Border Patrol Deputy Director and Chaplaincy Program Manager Spencer Hatch highlighted the need to maintain both the “hypervigilance” of law enforcement and the humanitarian instinct to empathize with migrants and fellow agents.

He also taught strategies to protect officers' families from “stroke trauma.” Divorces spike when agents are reassigned during waves of migrants, some as many as 9 times in 18 months during record border crossings early in President Joe Biden's administration.

Many children of agents are afraid to reveal their parents' work, especially in border communities. They may be going to school with children of cartel members, or undocumented migrants, or those who believe that the Border Patrol “prevents people from living the American dream,” in Hatch's words.

“That's a really difficult thing to deal with, as things tend to swing back and forth, and we're still in the crossfire,” he added.

Hatch uses as a case study of moral injury a 2021 incident in Del Rio where officers on horseback appeared in some viral photos to appear to be whipping immigrants with their reins, which a federal investigation later determined had not happened.

“For a photo to be taken out of context and for those people to be shamed by the highest levels of government, that was very disheartening. That hurt us all,” Hatch said.

Struggling with moral standards and a higher calling

Dealing with that “dissonance” of enforcing immigration laws, including rescuing migrants, and hearing their jobs demonized by the public, is a major challenge, said Tucson area chaplain Jimmy Stout. He was one of the first four chaplains when the program was launched through a grassroots effort on the southern border in the late 1990s.

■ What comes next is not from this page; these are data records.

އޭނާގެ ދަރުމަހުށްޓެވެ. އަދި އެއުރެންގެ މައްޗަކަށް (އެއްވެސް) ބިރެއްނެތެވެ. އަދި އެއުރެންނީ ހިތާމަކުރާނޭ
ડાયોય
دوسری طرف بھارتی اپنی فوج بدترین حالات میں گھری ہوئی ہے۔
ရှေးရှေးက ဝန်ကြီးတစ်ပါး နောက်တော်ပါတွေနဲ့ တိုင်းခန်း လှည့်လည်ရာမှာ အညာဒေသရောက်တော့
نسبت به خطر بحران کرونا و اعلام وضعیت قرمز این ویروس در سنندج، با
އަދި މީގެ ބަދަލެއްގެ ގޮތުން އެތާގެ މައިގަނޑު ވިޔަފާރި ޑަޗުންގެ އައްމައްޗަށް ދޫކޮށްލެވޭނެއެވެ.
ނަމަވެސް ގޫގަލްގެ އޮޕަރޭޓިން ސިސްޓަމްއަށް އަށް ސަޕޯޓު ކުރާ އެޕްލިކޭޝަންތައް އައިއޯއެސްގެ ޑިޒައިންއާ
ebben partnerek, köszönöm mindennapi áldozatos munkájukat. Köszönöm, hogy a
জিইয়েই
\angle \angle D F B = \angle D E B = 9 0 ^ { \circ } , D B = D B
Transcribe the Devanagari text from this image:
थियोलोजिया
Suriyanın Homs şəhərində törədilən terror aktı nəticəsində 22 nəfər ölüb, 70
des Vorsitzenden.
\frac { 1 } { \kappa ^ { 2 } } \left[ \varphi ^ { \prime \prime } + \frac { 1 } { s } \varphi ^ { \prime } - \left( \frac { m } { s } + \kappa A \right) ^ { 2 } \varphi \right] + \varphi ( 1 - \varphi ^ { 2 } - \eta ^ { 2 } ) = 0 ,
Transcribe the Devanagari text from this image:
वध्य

“We talked about this from day one,” Stout said. “Does what they are doing meet your personal standards?”

For officers who received their chaplain badges last week, those standards now also involve a higher calling.

Class speaker Matt Kiniery, a father of three who joined the military after 9/11 and the Border Patrol in El Paso, Texas, in 2009, decided to become a chaplain after an on-duty car accident so serious that The doctor noted that it was a miracle that he was alive.

“'The one upstairs has something for you.' I took it seriously,” Kiniery said. The chaplains helped his wife Jeanna then, and the couple are now eager to support her new role.

“Even in times of uncertainty, your presence is often enough,” the agent told the graduating class, before his voice broke. Several instructors in the audience wiped away tears.